Salah satu yang tersulit dalam memproduksi peralatan berat di bidang listrik adalah membuat trafo 500 kilovolt (kv). Bulan depan Indonesia sudah mampu memproduksinya.
Belum banyak negara yang mampu membuat alat jenis itu. Di seluruh ASEAN baru Indonesia yang mampu. Maka Indonesia bisa segera masuk peta dunia yang memiliki prestasi teknologi kelistrikan.
Memang bukan BUMN yang mengerjakannya, tapi BUMN yang merangsangnya. Tiga tahun lalu Indonesia baru bisa memproduksi trafo 20 kv. Saya, yang ketika itu mulai menjabat Dirut PLN segera minta agar pabrik trafo tersebut segera meningkatkan kemampuan untuk memproduksi trafo 150 kv.
Tahun lalu Indonesia naik kelas lagi dengan memproduksi trafo 275 kv. Menjelang mengakhiri masa tugas di PLN saya minta ada produsen yang menjadi pelopor membuat trafo 500 kv. Permintaan saya itu ternyata direspons sungguh-sungguh oleh PT CG Power Bogor. Bulan depan lahirlah trafo 500 kv made in Indonesia.
 Sebuah trafo 500 kv harganya sekitar Rp 40 miliar. Bahkan sebelum saya menjadi Dirut PLN harga sebuah trafo jenis itu mencapai Rp 120 miliar. Dunia kelistrikan heboh. Pertanyaan sering diajukan kepada saya: bagaimana bisa membuat harga sebuah trafo turun drastis seperti itu?
Caranya gampang. Sebagai orang yang dulunya sering ke luar negeri, saya tahu berapa harga trafo sejenis di sana. Nur Pamudji, direksi PLN yang paling muda (sekarang Dirut PLN) bahkan langsung membandingkannya dengan harga trafo di Vietnam.

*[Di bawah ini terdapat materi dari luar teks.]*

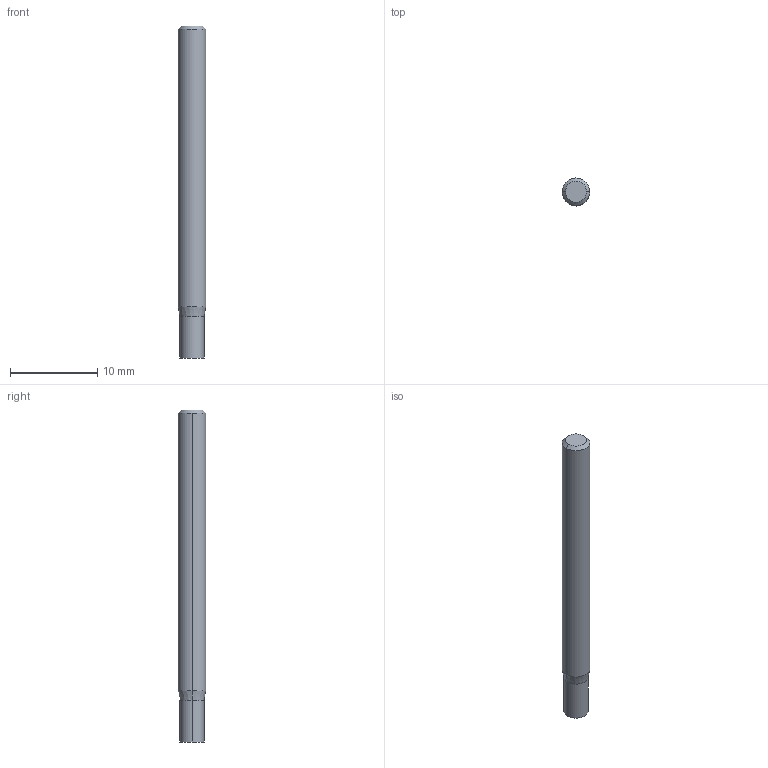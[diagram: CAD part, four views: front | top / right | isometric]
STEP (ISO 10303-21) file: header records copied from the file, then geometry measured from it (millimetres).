
FILE_DESCRIPTION (( 'STEP AP214' ), '1' );
FILE_NAME ('Micro_SEM-109-04.STEP', '2021-09-02T01:21:57', ( '' ), ( '' ), 'SwSTEP 2.0', 'SolidWorks 2020', '' );
FILE_SCHEMA (( 'AUTOMOTIVE_DESIGN' ));
Length unit declared in the file: inch
Products named in the file (1): Micro_SEM-109-04
Bounding box: 3.17 x 3.17 x 38.1 mm (x, y, z)
Volume: 291 mm3; surface area: 385.1 mm2
Topology: 1 solids, 1 shells, 10 faces, 18 edges, 10 vertices
Faces by surface type: cylinder 4, cone 4, plane 2
Entity records: 284 total; most frequent: DIRECTION 50, CARTESIAN_POINT 39, ORIENTED_EDGE 36, AXIS2_PLACEMENT_3D 21, EDGE_CURVE 18, VERTEX_POINT 10, ADVANCED_FACE 10, FACE_OUTER_BOUND 10
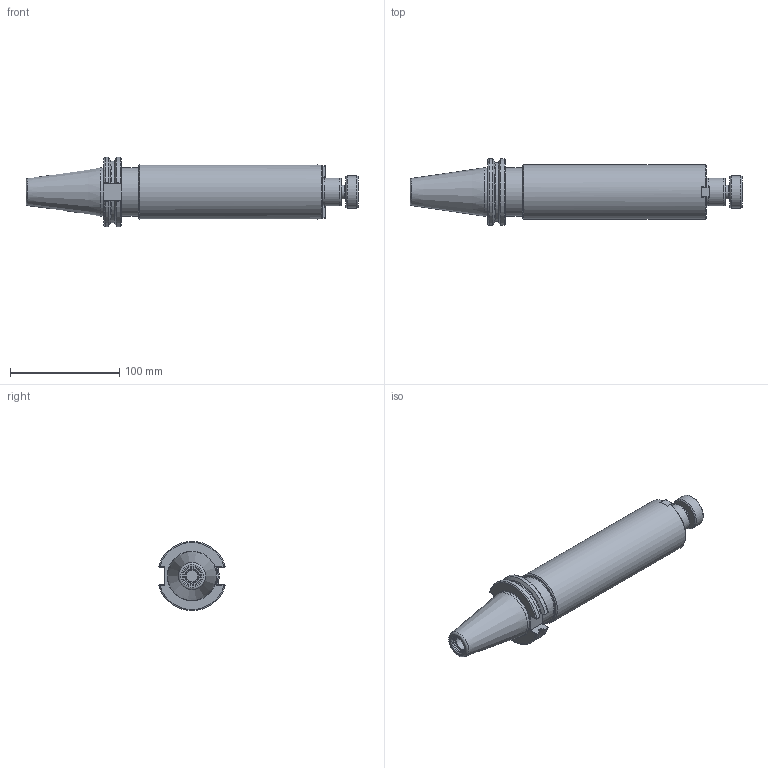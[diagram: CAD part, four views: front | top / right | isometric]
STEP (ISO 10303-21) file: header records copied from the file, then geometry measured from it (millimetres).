
FILE_DESCRIPTION(/* description */ (''),/* implementation_level */ '2;1');
FILE_NAME(/* name */ 'CAT40-SM100-0800.stp',/* time_stamp */ '2019-07-23T15:34:28-05:00',/* author */ ('ldfli'),/* organization */ ('Pioneer N.A.'),/* preprocessor_version */ 'ST-DEVELOPER v18',/* originating_system */ 'Autodesk Inventor LT',/* authorisation */ '');
FILE_SCHEMA (('AUTOMOTIVE_DESIGN { 1 0 10303 214 3 1 1 }'));
Length unit declared in the file: millimetre
Products named in the file (1): CAT40-SM100-0800
Bounding box: 304.25 x 61.14 x 63.31 mm (x, y, z)
Volume: 448320.3 mm3; surface area: 65203.8 mm2
Topology: 4 solids, 4 shells, 214 faces, 531 edges, 342 vertices
Faces by surface type: plane 128, cylinder 33, cone 20, torus 17, bspline 16
Full cylindrical faces by diameter (mm): 3.242 x2, 4 x2, 4.5 x2, 7 x2, 8 x2, 10 x1, 11.328 x1, 12.7 x1, 13.386 x1, 16.3 x1, 16.8 x1, 18 x1, 24.9 x1, 25.4 x1, 30 x1, 44.45 x2, 50 x1
Entity records: 7062 total; most frequent: CARTESIAN_POINT 1974, ORIENTED_EDGE 1056, DIRECTION 1034, EDGE_CURVE 528, AXIS2_PLACEMENT_3D 368, VERTEX_POINT 342, LINE 298, VECTOR 298

Tiap hari kami membicarakan mengapa harga trafo di Indonesia begitu mahal. Akhirnya ketemu: sistem tendernya yang membuat mahal. Maka begitu sistem tendernya diubah harga trafo langsung anjlok: tinggal 30 persennya!
Sejak itu direksi PLN rajin mengubah sistem pembelian. Termasuk sistem pembelian yang pro produksi dalam negeri. Alat seperti kWh meter (meteran), kabel, trafo 20 kv, dan seterusnya disistemkan harus produksi dalam negeri. Caranya: dalam tender memang sudah disebutkan harus produksi dalam negeri.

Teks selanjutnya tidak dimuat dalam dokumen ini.